He said: "The spiritual value of a free judiciary for a civilised human order is symbolised in the imperative Fiat Justicia and inscribed in ancient Indian Neeti Shastras. To us of a constitutional culture rooted in the supremacy of justice --- social, economic, and political --- and subjected to colonial injustice before we became free, independence of the judiciary is no speculative nicety nor sweet novelty but a dear creed to defend liberty" (S.H. Sheth vs Union of India, 1977). In the same case, he further opined that "the appreciation of this pivotal issue of the Judge's metier and methods demands acceptance of the broader bearings and constitutional culture".
Excerpt 3:
Despite his unique judicial philosophy, Justice Krishna Iyer hardly dissented from his brother judges while on the bench. Even in the split judgements of the court, he was always on the side of the majority, trying to harmonise his decision with the majority and express his dissent in a nuanced manner, so as to contribute to the evolution of the law through concurring judgements. This unique quality, perhaps, stemmed from his belief that law develops through diverse views and that flashes of collision bring out the truth and justice.
Excerpt 4:
Justice Krishna Iyer regarded his ruling delivered as the single vacation judge in June 1975 in Indira Gandhi vs Raj Narain as the most sensational case of his carer. While refusing Prime Minister Indira Gandhi's plea for an absolute stay on the Allahabad High Court's order setting aside her election on the grounds that she had violated the election law, he ruled that she had lost her status and privileges as a Member of Parliament but could retain her position as Prime Minister. His ruling in the case was hailed by the legal scholar H.M. Seervai as the finest hour of the Supreme Court.
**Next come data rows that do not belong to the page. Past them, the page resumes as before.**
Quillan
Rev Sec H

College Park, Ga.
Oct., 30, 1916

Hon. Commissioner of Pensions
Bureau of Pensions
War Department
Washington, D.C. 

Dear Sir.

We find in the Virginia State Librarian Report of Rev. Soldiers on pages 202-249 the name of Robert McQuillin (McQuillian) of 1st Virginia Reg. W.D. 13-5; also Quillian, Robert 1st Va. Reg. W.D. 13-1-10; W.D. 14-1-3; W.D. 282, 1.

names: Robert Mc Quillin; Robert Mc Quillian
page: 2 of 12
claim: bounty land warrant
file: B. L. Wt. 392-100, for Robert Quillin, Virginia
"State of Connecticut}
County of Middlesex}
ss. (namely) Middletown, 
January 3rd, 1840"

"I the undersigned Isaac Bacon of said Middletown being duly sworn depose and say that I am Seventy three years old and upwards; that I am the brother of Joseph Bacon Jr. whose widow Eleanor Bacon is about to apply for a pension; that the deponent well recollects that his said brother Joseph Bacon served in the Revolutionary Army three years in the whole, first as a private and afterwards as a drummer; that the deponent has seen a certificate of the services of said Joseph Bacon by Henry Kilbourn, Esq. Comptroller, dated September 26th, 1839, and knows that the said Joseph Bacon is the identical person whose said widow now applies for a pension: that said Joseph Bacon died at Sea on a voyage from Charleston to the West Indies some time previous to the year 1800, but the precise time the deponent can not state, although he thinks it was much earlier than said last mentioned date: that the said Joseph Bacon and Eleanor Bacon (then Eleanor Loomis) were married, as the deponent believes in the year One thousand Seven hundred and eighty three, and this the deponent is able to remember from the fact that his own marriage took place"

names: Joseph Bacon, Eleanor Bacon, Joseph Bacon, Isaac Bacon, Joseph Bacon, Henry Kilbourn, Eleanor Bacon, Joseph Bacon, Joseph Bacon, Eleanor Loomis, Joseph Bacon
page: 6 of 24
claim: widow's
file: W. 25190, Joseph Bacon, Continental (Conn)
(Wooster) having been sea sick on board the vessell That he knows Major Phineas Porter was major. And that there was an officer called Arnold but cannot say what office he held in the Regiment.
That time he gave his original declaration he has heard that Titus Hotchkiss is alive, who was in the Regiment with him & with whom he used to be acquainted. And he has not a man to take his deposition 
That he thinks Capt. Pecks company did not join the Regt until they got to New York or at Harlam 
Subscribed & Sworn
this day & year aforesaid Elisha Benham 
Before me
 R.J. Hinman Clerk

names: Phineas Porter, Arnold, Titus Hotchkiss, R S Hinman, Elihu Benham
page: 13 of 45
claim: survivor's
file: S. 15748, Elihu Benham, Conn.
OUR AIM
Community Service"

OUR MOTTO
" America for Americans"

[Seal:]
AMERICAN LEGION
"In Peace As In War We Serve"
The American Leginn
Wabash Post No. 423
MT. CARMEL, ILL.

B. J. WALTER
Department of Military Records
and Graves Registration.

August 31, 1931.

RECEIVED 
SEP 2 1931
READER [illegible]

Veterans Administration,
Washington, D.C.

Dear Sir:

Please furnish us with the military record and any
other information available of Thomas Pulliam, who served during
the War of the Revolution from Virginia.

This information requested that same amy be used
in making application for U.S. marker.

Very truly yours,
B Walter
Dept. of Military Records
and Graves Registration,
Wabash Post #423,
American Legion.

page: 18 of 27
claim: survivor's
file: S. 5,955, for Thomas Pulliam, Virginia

The eminent legal academic Upendra Baxi wrote on the occasion of his centenary: "Krishna, along with some other gifted legal brethren, pioneered the conversion of the Supreme Court of India into a Supreme Court for the people of India."
Excerpt 5:
In 1978, Justice Krishna Iyer, writing for the bench, declared that correctionalist criminal justice was part of the constitutional culture of India. The court was dealing with the propriety of enhancing the sentence of imprisonment awarded to "seven dangerously ideological teenagers, politically impatient with the deepening of injustice of the economic order and ebulliently infantile in their terrorist tactices". They were accused of the offence of having "robbed the State Bank of a few thousand rupees with non-violent use of crude pistols and country bombs which, in the language of the Penal Code, amounts to dacoity --- a grave property crime". They were duly prosecuted, convicted and awarded two and a half years' rigorous imprisonment by the trial court. On appeal, the High Court enhanced the sentence to seven years' rigorous imprisonment.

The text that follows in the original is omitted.